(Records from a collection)
>>>
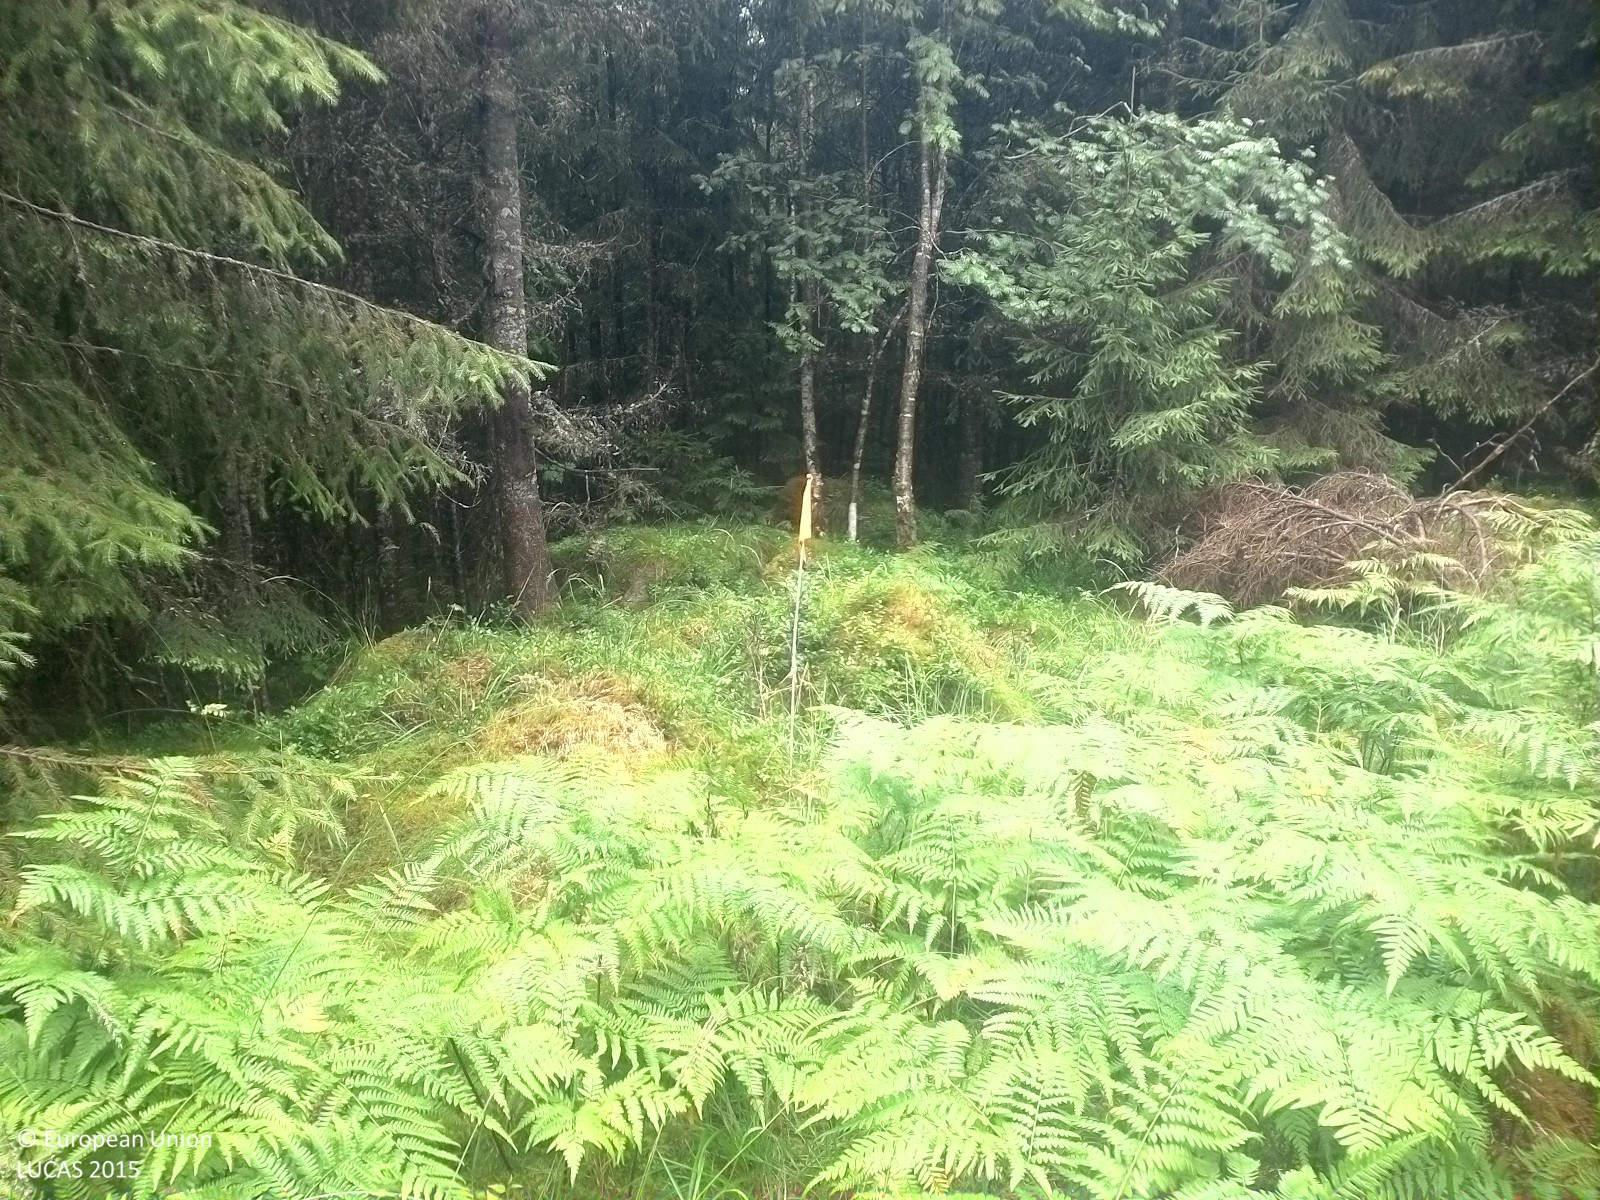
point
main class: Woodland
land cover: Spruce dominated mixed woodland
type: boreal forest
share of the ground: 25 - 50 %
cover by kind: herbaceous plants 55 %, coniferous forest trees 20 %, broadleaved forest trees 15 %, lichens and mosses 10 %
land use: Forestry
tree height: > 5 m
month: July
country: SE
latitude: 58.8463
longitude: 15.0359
<<<
>>>
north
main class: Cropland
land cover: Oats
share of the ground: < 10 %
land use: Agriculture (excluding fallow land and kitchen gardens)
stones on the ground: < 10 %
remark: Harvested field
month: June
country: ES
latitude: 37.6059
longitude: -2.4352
<<<
>>>
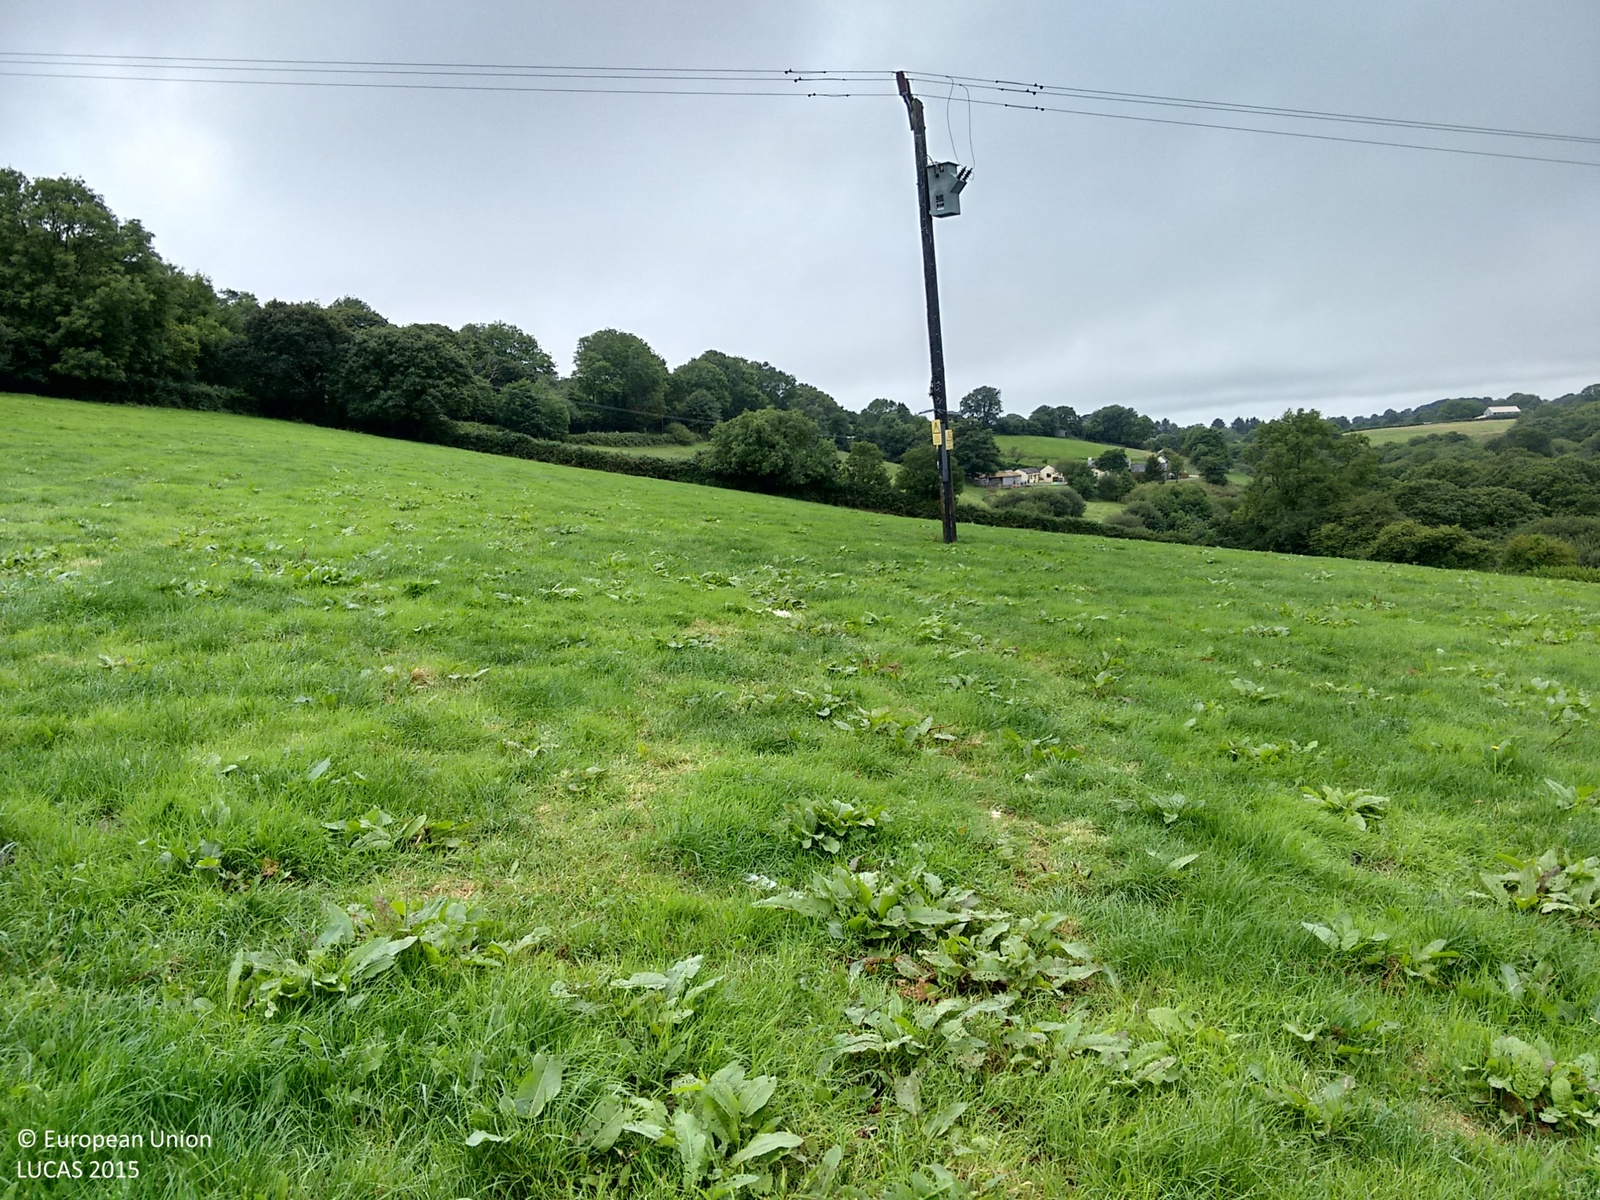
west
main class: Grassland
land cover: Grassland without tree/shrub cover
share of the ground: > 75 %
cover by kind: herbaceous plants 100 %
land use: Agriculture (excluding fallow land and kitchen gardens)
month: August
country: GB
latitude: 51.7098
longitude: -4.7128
<<<
(TASK TO CARRY OUT) Repeat exactly the lines above from the one with "share of the ground: < 10 %" up to and including the one with "longitude: -2.4352". No other line belongs in the reply.

(ANSWER BELOW)
share of the ground: < 10 %
land use: Agriculture (excluding fallow land and kitchen gardens)
stones on the ground: < 10 %
remark: Harvested field
month: June
country: ES
latitude: 37.6059
longitude: -2.4352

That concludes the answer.